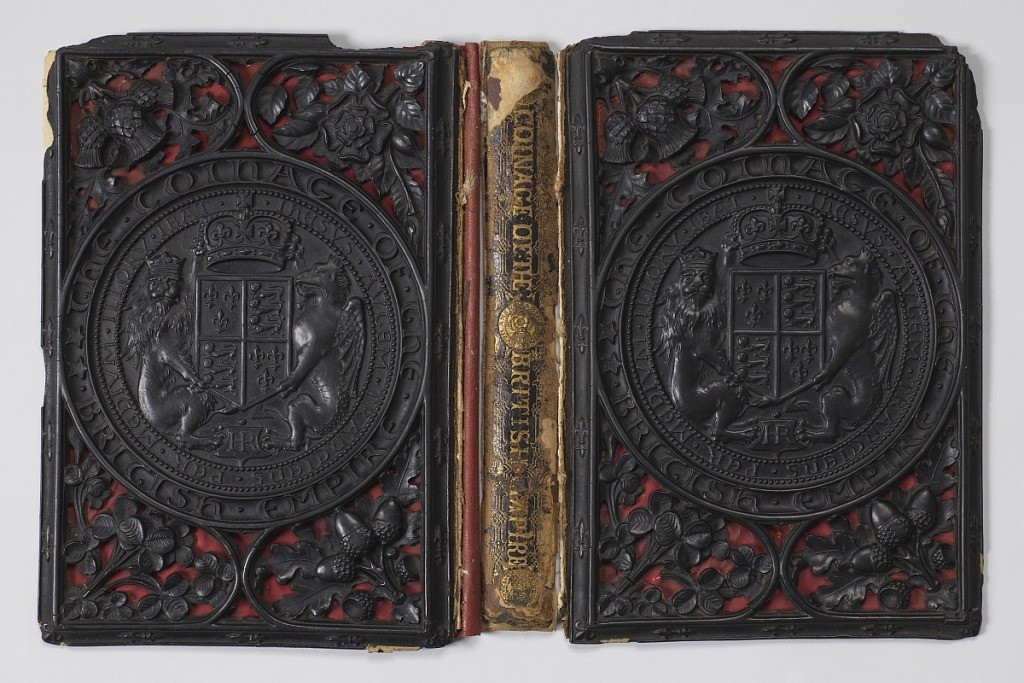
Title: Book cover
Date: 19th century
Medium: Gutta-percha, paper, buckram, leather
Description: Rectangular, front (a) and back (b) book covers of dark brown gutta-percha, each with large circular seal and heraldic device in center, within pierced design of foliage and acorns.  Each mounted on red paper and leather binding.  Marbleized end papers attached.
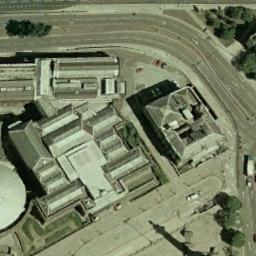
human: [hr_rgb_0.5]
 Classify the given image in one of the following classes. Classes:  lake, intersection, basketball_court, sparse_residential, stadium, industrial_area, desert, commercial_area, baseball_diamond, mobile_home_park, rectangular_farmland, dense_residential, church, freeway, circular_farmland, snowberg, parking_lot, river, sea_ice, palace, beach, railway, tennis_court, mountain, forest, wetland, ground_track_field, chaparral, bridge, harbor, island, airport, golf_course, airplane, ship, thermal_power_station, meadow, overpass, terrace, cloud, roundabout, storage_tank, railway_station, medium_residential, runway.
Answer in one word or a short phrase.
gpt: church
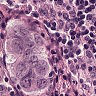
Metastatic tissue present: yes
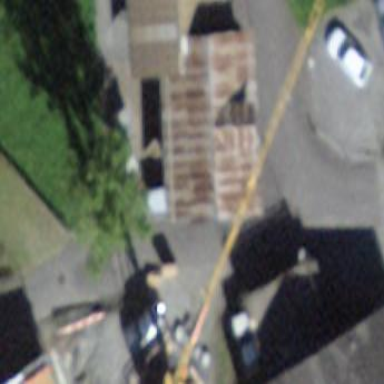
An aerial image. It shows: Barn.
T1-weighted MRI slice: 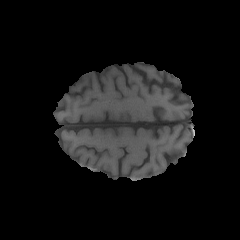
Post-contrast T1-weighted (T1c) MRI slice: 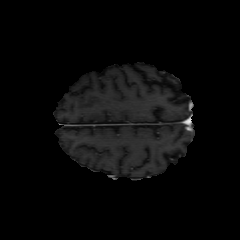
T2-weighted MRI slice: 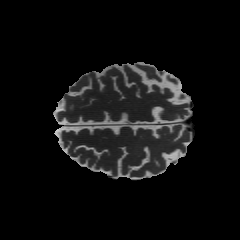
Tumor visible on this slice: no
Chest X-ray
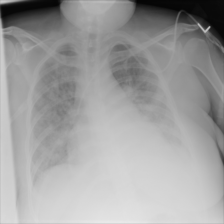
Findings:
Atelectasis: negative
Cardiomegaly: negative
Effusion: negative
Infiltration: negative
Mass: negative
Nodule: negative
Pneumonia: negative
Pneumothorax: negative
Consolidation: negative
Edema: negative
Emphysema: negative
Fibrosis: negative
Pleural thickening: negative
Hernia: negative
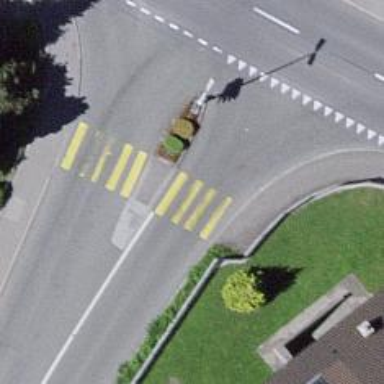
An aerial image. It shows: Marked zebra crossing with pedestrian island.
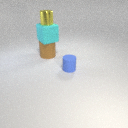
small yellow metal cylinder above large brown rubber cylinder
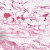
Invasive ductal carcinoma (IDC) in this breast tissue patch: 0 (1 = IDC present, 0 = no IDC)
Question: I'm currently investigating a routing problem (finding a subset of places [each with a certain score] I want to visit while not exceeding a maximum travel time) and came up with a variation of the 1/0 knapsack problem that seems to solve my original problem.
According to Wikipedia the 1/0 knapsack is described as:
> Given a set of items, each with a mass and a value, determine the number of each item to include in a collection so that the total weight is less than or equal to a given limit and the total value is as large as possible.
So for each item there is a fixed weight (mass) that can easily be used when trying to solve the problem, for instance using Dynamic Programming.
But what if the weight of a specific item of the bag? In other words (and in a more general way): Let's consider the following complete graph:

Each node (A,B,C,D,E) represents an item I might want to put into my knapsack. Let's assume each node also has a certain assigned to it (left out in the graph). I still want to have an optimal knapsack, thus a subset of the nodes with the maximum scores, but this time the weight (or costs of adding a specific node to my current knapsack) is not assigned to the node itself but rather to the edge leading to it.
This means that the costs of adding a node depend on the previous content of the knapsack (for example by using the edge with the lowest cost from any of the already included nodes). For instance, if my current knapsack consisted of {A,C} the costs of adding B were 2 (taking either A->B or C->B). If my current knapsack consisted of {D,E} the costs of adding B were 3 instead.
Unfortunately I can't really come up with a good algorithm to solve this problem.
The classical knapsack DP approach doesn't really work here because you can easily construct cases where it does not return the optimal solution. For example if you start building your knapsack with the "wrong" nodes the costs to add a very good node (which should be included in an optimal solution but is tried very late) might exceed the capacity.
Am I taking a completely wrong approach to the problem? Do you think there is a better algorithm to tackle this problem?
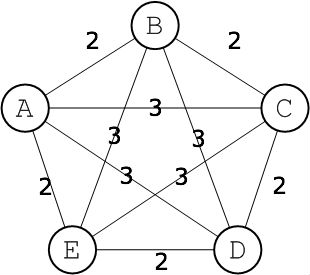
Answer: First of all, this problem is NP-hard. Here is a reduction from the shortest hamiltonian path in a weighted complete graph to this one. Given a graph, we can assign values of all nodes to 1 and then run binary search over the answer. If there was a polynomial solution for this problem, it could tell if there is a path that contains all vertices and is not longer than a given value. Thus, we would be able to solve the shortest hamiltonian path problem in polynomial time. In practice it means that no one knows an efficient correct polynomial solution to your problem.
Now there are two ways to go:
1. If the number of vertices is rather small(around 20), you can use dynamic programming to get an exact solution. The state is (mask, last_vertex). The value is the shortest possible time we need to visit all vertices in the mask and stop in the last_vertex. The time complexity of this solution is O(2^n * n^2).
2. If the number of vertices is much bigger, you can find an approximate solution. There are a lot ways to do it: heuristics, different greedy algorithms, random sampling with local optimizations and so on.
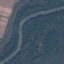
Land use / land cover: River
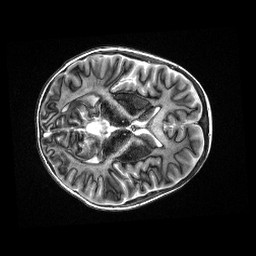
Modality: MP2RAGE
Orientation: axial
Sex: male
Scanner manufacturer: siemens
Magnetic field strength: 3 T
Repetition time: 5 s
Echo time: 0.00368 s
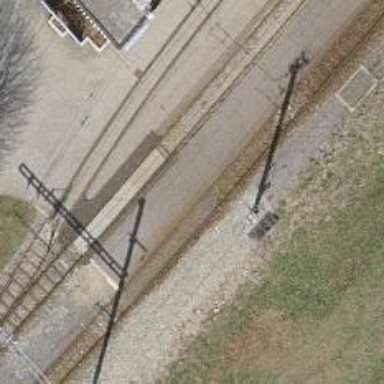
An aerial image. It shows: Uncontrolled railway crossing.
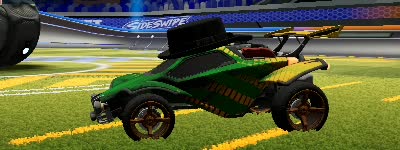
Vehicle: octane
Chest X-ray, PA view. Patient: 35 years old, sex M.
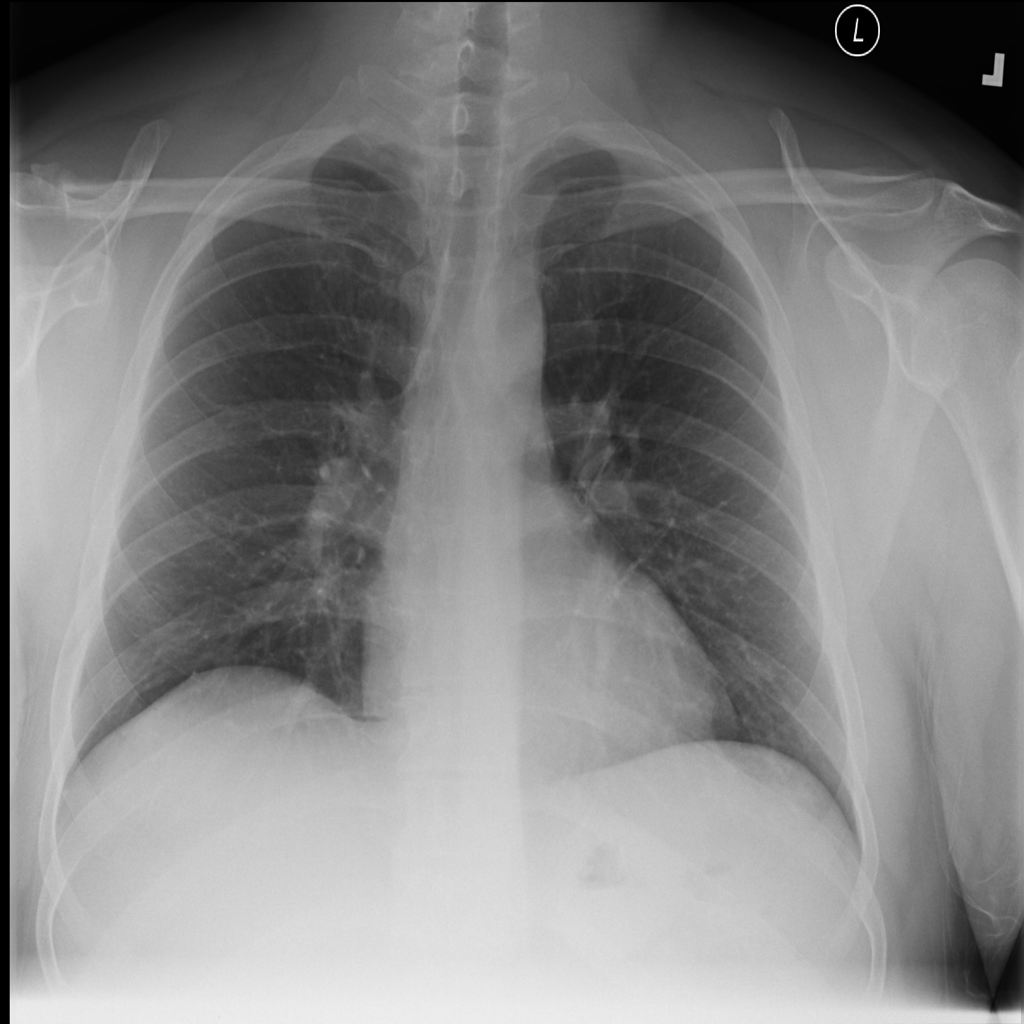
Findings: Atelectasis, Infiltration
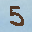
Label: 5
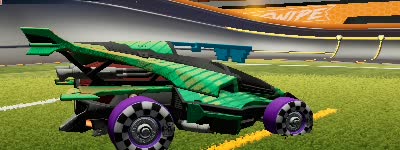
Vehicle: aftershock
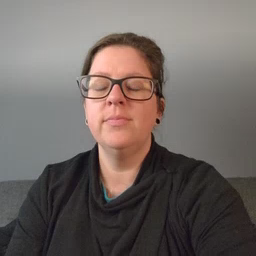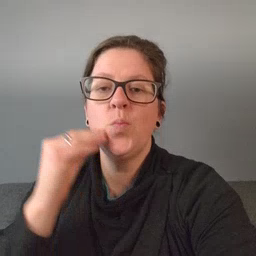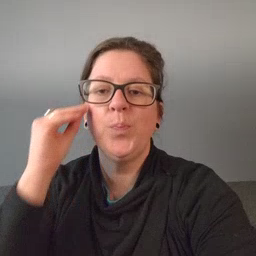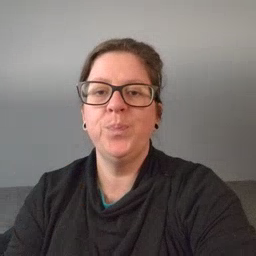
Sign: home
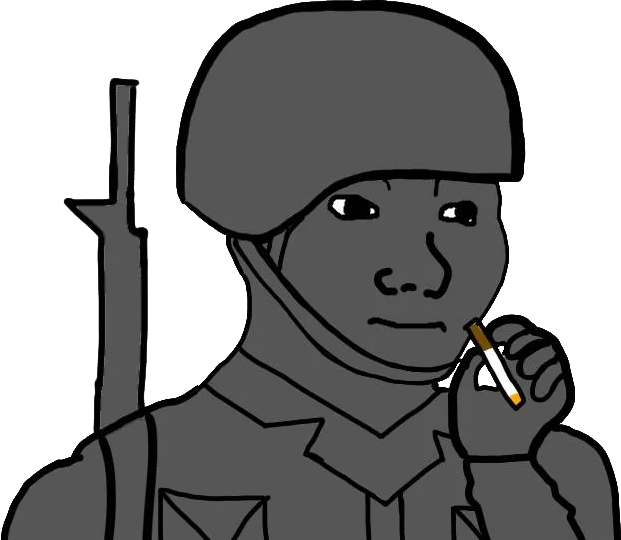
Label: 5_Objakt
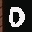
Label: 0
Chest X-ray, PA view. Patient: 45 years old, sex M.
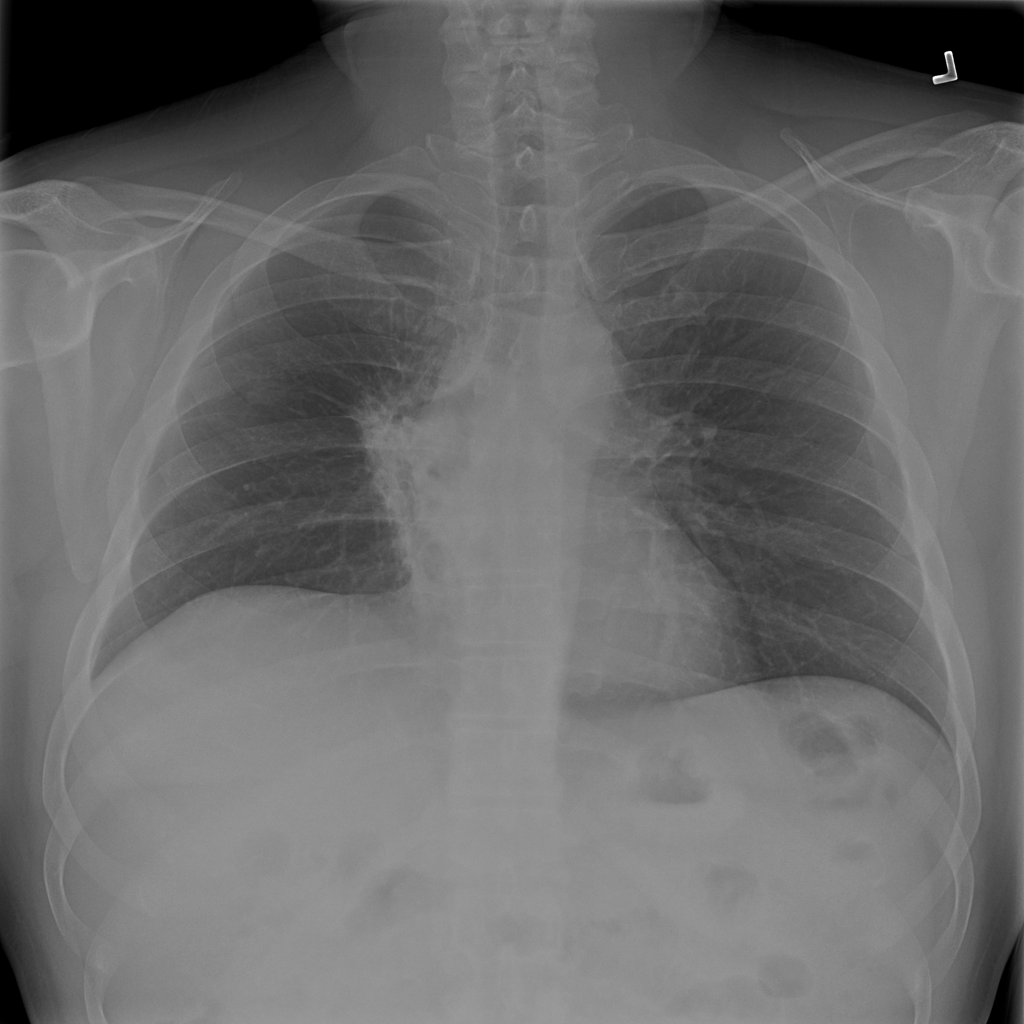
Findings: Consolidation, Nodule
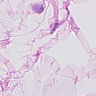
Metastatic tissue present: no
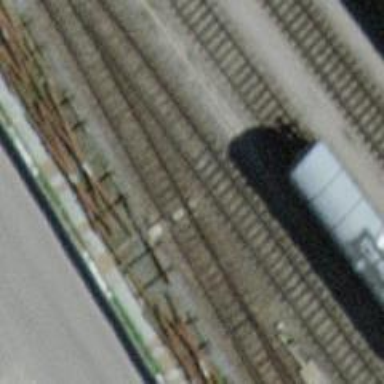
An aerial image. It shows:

◆ **EXERCISE PROMPT**
From the first record to the last, transcribe everything exactly but drop the pictures.

◆ **FINISHED TASK**
Title: Book cover
Date: 19th century
Medium: Gutta-percha, paper, buckram, leather
Description: Rectangular, front (a) and back (b) book covers of dark brown gutta-percha, each with large circular seal and heraldic device in center, within pierced design of foliage and acorns.  Each mounted on red paper and leather binding.  Marbleized end papers attached.
human: [hr_rgb_0.5]
 Classify the given image in one of the following classes. Classes:  lake, intersection, basketball_court, sparse_residential, stadium, industrial_area, desert, commercial_area, baseball_diamond, mobile_home_park, rectangular_farmland, dense_residential, church, freeway, circular_farmland, snowberg, parking_lot, river, sea_ice, palace, beach, railway, tennis_court, mountain, forest, wetland, ground_track_field, chaparral, bridge, harbor, island, airport, golf_course, airplane, ship, thermal_power_station, meadow, overpass, terrace, cloud, roundabout, storage_tank, railway_station, medium_residential, runway.
Answer in one word or a short phrase.
gpt: church
Metastatic tissue present: yes
An aerial image. It shows: Barn.
T1-weighted MRI slice: 
Post-contrast T1-weighted (T1c) MRI slice: 
T2-weighted MRI slice: 
Tumor visible on this slice: no
Chest X-ray
Findings:
Atelectasis: negative
Cardiomegaly: negative
Effusion: negative
Infiltration: negative
Mass: negative
Nodule: negative
Pneumonia: negative
Pneumothorax: negative
Consolidation: negative
Edema: negative
Emphysema: negative
Fibrosis: negative
Pleural thickening: negative
Hernia: negative
An aerial image. It shows: Marked zebra crossing with pedestrian island.
small yellow metal cylinder above large brown rubber cylinder
Invasive ductal carcinoma (IDC) in this breast tissue patch: 0 (1 = IDC present, 0 = no IDC)
Question: I'm currently investigating a routing problem (finding a subset of places [each with a certain score] I want to visit while not exceeding a maximum travel time) and came up with a variation of the 1/0 knapsack problem that seems to solve my original problem.
According to Wikipedia the 1/0 knapsack is described as:
> Given a set of items, each with a mass and a value, determine the number of each item to include in a collection so that the total weight is less than or equal to a given limit and the total value is as large as possible.
So for each item there is a fixed weight (mass) that can easily be used when trying to solve the problem, for instance using Dynamic Programming.
But what if the weight of a specific item of the bag? In other words (and in a more general way): Let's consider the following complete graph:

Each node (A,B,C,D,E) represents an item I might want to put into my knapsack. Let's assume each node also has a certain assigned to it (left out in the graph). I still want to have an optimal knapsack, thus a subset of the nodes with the maximum scores, but this time the weight (or costs of adding a specific node to my current knapsack) is not assigned to the node itself but rather to the edge leading to it.
This means that the costs of adding a node depend on the previous content of the knapsack (for example by using the edge with the lowest cost from any of the already included nodes). For instance, if my current knapsack consisted of {A,C} the costs of adding B were 2 (taking either A->B or C->B). If my current knapsack consisted of {D,E} the costs of adding B were 3 instead.
Unfortunately I can't really come up with a good algorithm to solve this problem.
The classical knapsack DP approach doesn't really work here because you can easily construct cases where it does not return the optimal solution. For example if you start building your knapsack with the "wrong" nodes the costs to add a very good node (which should be included in an optimal solution but is tried very late) might exceed the capacity.
Am I taking a completely wrong approach to the problem? Do you think there is a better algorithm to tackle this problem?
Answer: First of all, this problem is NP-hard. Here is a reduction from the shortest hamiltonian path in a weighted complete graph to this one. Given a graph, we can assign values of all nodes to 1 and then run binary search over the answer. If there was a polynomial solution for this problem, it could tell if there is a path that contains all vertices and is not longer than a given value. Thus, we would be able to solve the shortest hamiltonian path problem in polynomial time. In practice it means that no one knows an efficient correct polynomial solution to your problem.
Now there are two ways to go:
1. If the number of vertices is rather small(around 20), you can use dynamic programming to get an exact solution. The state is (mask, last_vertex). The value is the shortest possible time we need to visit all vertices in the mask and stop in the last_vertex. The time complexity of this solution is O(2^n * n^2).
2. If the number of vertices is much bigger, you can find an approximate solution. There are a lot ways to do it: heuristics, different greedy algorithms, random sampling with local optimizations and so on.
Land use / land cover: River
Modality: MP2RAGE
Orientation: axial
Sex: male
Scanner manufacturer: siemens
Magnetic field strength: 3 T
Repetition time: 5 s
Echo time: 0.00368 s
An aerial image. It shows: Uncontrolled railway crossing.
Vehicle: octane
Chest X-ray, PA view. Patient: 35 years old, sex M.
Findings: Atelectasis, Infiltration
Label: 5
Vehicle: aftershock
Sign: home
Label: 5_Objakt
Label: 0
Chest X-ray, PA view. Patient: 45 years old, sex M.
Findings: Consolidation, Nodule
Metastatic tissue present: no
An aerial image. It shows:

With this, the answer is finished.